China approves Eli Lilly's Alzheimer's treatment Kisunla via Investing.com


INDIANAPOLIS - Eli Lilly & Co. (NYSE: NYSE: ), a pharmaceutical giant with a market capitalization of more than $700 billion and an impressive gross profit margin of about 81%, has received approval from China's National. medical (TASE:) Product Administration (NMPA) for Kisunla™ (donanemab-azbt), marking it as the fourth major market approval after the United States, Japan, and Great Britain. Accordingly Investment Prof Data, Lilly maintains a good financial health score, positioning it strongly for this expansion. Kisunla is intended for the treatment of adults with early-onset Alzheimer's disease, including those with mild cognitive impairment (MCI) and those with mild dementia who have confirmed amyloid pathology.

In China, the prevalence of Alzheimer's disease is significant, affecting approximately 6% of the population over the age of 65, with projections suggesting an increase to 11% by 2050. The approval of Kisunla, which targets amyloid plaque formation in the brain, provides a new treatment option. Management of disease. With revenue growth of 27% over the past twelve months and strong earnings forecasts, Lilly appears well-positioned to capitalize on this market opportunity.

TRAILBLAZER-ALZ 2 Phase 3 clinical study demonstrates approval of NMPA. This study found that Kisunla significantly slowed the progression of Alzheimer's disease in participants, especially those with less advanced disease. Patients demonstrated a 35% slower decline in cognitive and daily function compared to placebo patients. Additionally, Kisunla demonstrated up to 84% reduction in amyloid plaques at 18 months, with 66% of patients achieving plaque clearance at one year.
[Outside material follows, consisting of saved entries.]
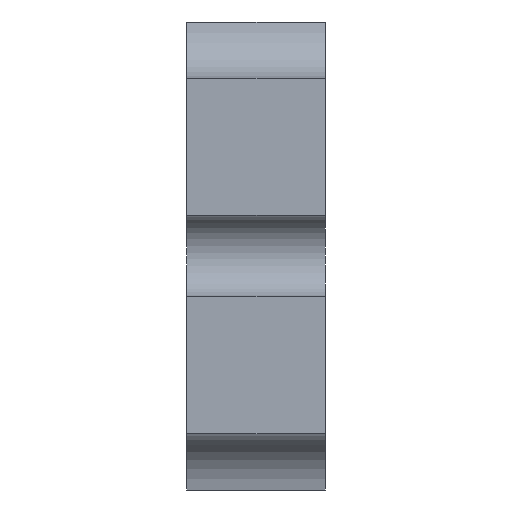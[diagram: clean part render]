
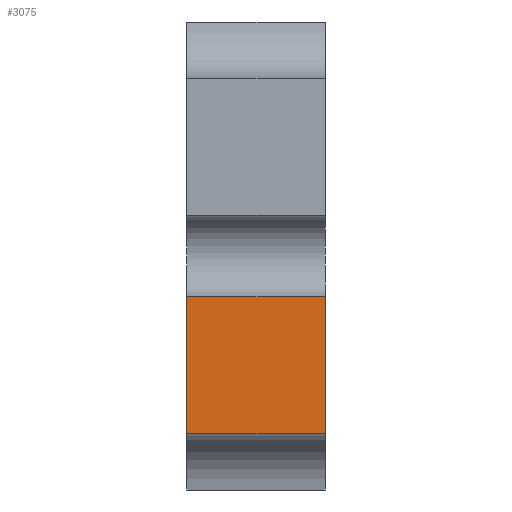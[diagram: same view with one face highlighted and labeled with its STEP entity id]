
A CAD part, left-side view. The second image highlights one B-rep face of the part: STEP entity #3075.
In plain terms, the highlighted planar face has unit normal (-1, 0, 0).
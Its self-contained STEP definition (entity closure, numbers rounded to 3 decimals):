
#44 = CARTESIAN_POINT ( 'NONE',  ( -3.175, -0.749, -1.02 ) ) ;
#53 = VECTOR ( 'NONE', #6000, 1000. ) ;
#63 = VECTOR ( 'NONE', #813, 1000. ) ;
#149 = CARTESIAN_POINT ( 'NONE',  ( -3.175, 0.749, -1.53 ) ) ;
#372 = DIRECTION ( 'NONE',  ( 0., 1., 0. ) ) ;
#571 = LINE ( 'NONE', #6054, #5328 ) ;
#612 = EDGE_CURVE ( 'NONE', #5092, #4471, #6781, .T. ) ;
#813 = DIRECTION ( 'NONE',  ( 0., 0., 1. ) ) ;
#887 = DIRECTION ( 'NONE',  ( 0., 0., 1. ) ) ;
#1070 = VECTOR ( 'NONE', #4355, 1000. ) ;
#1080 = VECTOR ( 'NONE', #7033, 1000. ) ;
#1127 = DIRECTION ( 'NONE',  ( 0., -1., 0. ) ) ;
#1134 = CARTESIAN_POINT ( 'NONE',  ( -3.175, 0.75, -1.02 ) ) ;
#1137 = EDGE_CURVE ( 'NONE', #5583, #5092, #5659, .T. ) ;
#1217 = AXIS2_PLACEMENT_3D ( 'NONE', #5622, #5548, #2035 ) ;
#1316 = DIRECTION ( 'NONE',  ( 0., 0., 1. ) ) ;
#1358 = CARTESIAN_POINT ( 'NONE',  ( -3.175, 0.749, -1.929 ) ) ;
#1370 = CARTESIAN_POINT ( 'NONE',  ( -3.175, -0.749, -1.02 ) ) ;
#1385 = VERTEX_POINT ( 'NONE', #3769 ) ;
#1391 = DIRECTION ( 'NONE',  ( 0., 1., 0. ) ) ;
#1443 = CARTESIAN_POINT ( 'NONE',  ( -3.175, -0.749, -1.02 ) ) ;
#1542 = VERTEX_POINT ( 'NONE', #2948 ) ;
#1549 = LINE ( 'NONE', #44, #2491 ) ;
#1571 = EDGE_CURVE ( 'NONE', #1542, #4631, #6188, .T. ) ;
#1807 = EDGE_CURVE ( 'NONE', #4631, #5583, #4434, .T. ) ;
#2035 = DIRECTION ( 'NONE',  ( 0., 0., -1. ) ) ;
#2209 = VECTOR ( 'NONE', #6051, 1000. ) ;
#2327 = EDGE_CURVE ( 'NONE', #5039, #3721, #571, .T. ) ;
#2377 = CARTESIAN_POINT ( 'NONE',  ( -3.175, 0.749, -1.02 ) ) ;
#2459 = CARTESIAN_POINT ( 'NONE',  ( -3.175, -0.749, -0.444 ) ) ;
#2491 = VECTOR ( 'NONE', #7180, 1000. ) ;
#2660 = CARTESIAN_POINT ( 'NONE',  ( -3.175, 0.749, -1.02 ) ) ;
#2906 = CARTESIAN_POINT ( 'NONE',  ( -3.175, -0.75, -1.53 ) ) ;
#2920 = CARTESIAN_POINT ( 'NONE',  ( -3.175, 0.75, -1.929 ) ) ;
#2948 = CARTESIAN_POINT ( 'NONE',  ( -3.175, 0.749, -1.929 ) ) ;
#3036 = LINE ( 'NONE', #1358, #1070 ) ;
#3075 = ADVANCED_FACE ( 'NONE', ( #3999 ), #7330, .F. ) ;
#3213 = CARTESIAN_POINT ( 'NONE',  ( -3.175, -0.749, -1.929 ) ) ;
#3231 = LINE ( 'NONE', #1370, #2209 ) ;
#3721 = VERTEX_POINT ( 'NONE', #1134 ) ;
#3769 = CARTESIAN_POINT ( 'NONE',  ( -3.175, 0.749, -1.53 ) ) ;
#3837 = ORIENTED_EDGE ( 'NONE', *, *, #3881, .F. ) ;
#3875 = CARTESIAN_POINT ( 'NONE',  ( -3.175, -0.75, -1.02 ) ) ;
#3881 = EDGE_CURVE ( 'NONE', #1542, #1385, #3036, .T. ) ;
#3941 = CARTESIAN_POINT ( 'NONE',  ( -3.175, 0.75, -1.53 ) ) ;
#3953 = CARTESIAN_POINT ( 'NONE',  ( -3.175, -0.749, -1.53 ) ) ;
#3975 = VERTEX_POINT ( 'NONE', #7407 ) ;
#3999 = FACE_OUTER_BOUND ( 'NONE', #4285, .T. ) ;
#4141 = VECTOR ( 'NONE', #1127, 1000. ) ;
#4201 = EDGE_CURVE ( 'NONE', #6879, #3975, #4743, .T. ) ;
#4249 = VERTEX_POINT ( 'NONE', #6473 ) ;
#4285 = EDGE_LOOP ( 'NONE', ( #6310, #6570, #6696, #5238, #7673, #4360, #6841, #7242, #5944, #3837, #5503, #5589 ) ) ;
#4355 = DIRECTION ( 'NONE',  ( 0., 0., 1. ) ) ;
#4360 = ORIENTED_EDGE ( 'NONE', *, *, #7630, .F. ) ;
#4401 = CARTESIAN_POINT ( 'NONE',  ( -3.175, -0.75, 2.54 ) ) ;
#4434 = LINE ( 'NONE', #3213, #6739 ) ;
#4471 = VERTEX_POINT ( 'NONE', #3875 ) ;
#4545 = VECTOR ( 'NONE', #372, 1000. ) ;
#4614 = VECTOR ( 'NONE', #887, 1000. ) ;
#4626 = CARTESIAN_POINT ( 'NONE',  ( -3.175, -0.749, -1.53 ) ) ;
#4631 = VERTEX_POINT ( 'NONE', #5814 ) ;
#4743 = LINE ( 'NONE', #5169, #4545 ) ;
#4746 = EDGE_CURVE ( 'NONE', #7439, #6879, #1549, .T. ) ;
#4852 = EDGE_CURVE ( 'NONE', #7439, #4471, #3231, .T. ) ;
#5039 = VERTEX_POINT ( 'NONE', #3941 ) ;
#5092 = VERTEX_POINT ( 'NONE', #2906 ) ;
#5169 = CARTESIAN_POINT ( 'NONE',  ( -3.175, 0.75, -0.444 ) ) ;
#5238 = ORIENTED_EDGE ( 'NONE', *, *, #4746, .T. ) ;
#5328 = VECTOR ( 'NONE', #1316, 1000. ) ;
#5393 = EDGE_CURVE ( 'NONE', #1385, #5039, #7624, .T. ) ;
#5503 = ORIENTED_EDGE ( 'NONE', *, *, #1571, .T. ) ;
#5548 = DIRECTION ( 'NONE',  ( 1., 0., 0. ) ) ;
#5583 = VERTEX_POINT ( 'NONE', #3953 ) ;
#5589 = ORIENTED_EDGE ( 'NONE', *, *, #1807, .T. ) ;
#5622 = CARTESIAN_POINT ( 'NONE',  ( -3.175, 0.75, 2.54 ) ) ;
#5659 = LINE ( 'NONE', #4626, #1080 ) ;
#5814 = CARTESIAN_POINT ( 'NONE',  ( -3.175, -0.749, -1.929 ) ) ;
#5944 = ORIENTED_EDGE ( 'NONE', *, *, #5393, .F. ) ;
#6000 = DIRECTION ( 'NONE',  ( 0., 1., 0. ) ) ;
#6051 = DIRECTION ( 'NONE',  ( 0., -1., 0. ) ) ;
#6054 = CARTESIAN_POINT ( 'NONE',  ( -3.175, 0.75, 2.54 ) ) ;
#6137 = DIRECTION ( 'NONE',  ( 0., 0., 1. ) ) ;
#6188 = LINE ( 'NONE', #2920, #4141 ) ;
#6310 = ORIENTED_EDGE ( 'NONE', *, *, #1137, .T. ) ;
#6473 = CARTESIAN_POINT ( 'NONE',  ( -3.175, 0.749, -1.02 ) ) ;
#6570 = ORIENTED_EDGE ( 'NONE', *, *, #612, .T. ) ;
#6696 = ORIENTED_EDGE ( 'NONE', *, *, #4852, .F. ) ;
#6739 = VECTOR ( 'NONE', #6137, 1000. ) ;
#6781 = LINE ( 'NONE', #4401, #63 ) ;
#6841 = ORIENTED_EDGE ( 'NONE', *, *, #6897, .T. ) ;
#6879 = VERTEX_POINT ( 'NONE', #2459 ) ;
#6897 = EDGE_CURVE ( 'NONE', #4249, #3721, #7226, .T. ) ;
#7033 = DIRECTION ( 'NONE',  ( 0., -1., 0. ) ) ;
#7180 = DIRECTION ( 'NONE',  ( 0., 0., 1. ) ) ;
#7209 = LINE ( 'NONE', #2660, #4614 ) ;
#7226 = LINE ( 'NONE', #2377, #53 ) ;
#7242 = ORIENTED_EDGE ( 'NONE', *, *, #2327, .F. ) ;
#7330 = PLANE ( 'NONE',  #1217 ) ;
#7407 = CARTESIAN_POINT ( 'NONE',  ( -3.175, 0.749, -0.444 ) ) ;
#7439 = VERTEX_POINT ( 'NONE', #1443 ) ;
#7624 = LINE ( 'NONE', #149, #7721 ) ;
#7630 = EDGE_CURVE ( 'NONE', #4249, #3975, #7209, .T. ) ;
#7673 = ORIENTED_EDGE ( 'NONE', *, *, #4201, .T. ) ;
#7721 = VECTOR ( 'NONE', #1391, 1000. ) ;

Despite these promising results, Kisunla is associated with potential side effects, such as amyloid-related imaging abnormalities (ARIA), which can include transient brain swelling or bleeding, and infusion-related reactions. However, ARIA is often asymptomatic and can usually be monitored and managed with an MRI scan.

Kisunla is given intravenously every four weeks, with a dosing regimen that may allow treatment to be discontinued after amyloid plaques are removed, potentially reducing treatment costs and frequency of infusions. .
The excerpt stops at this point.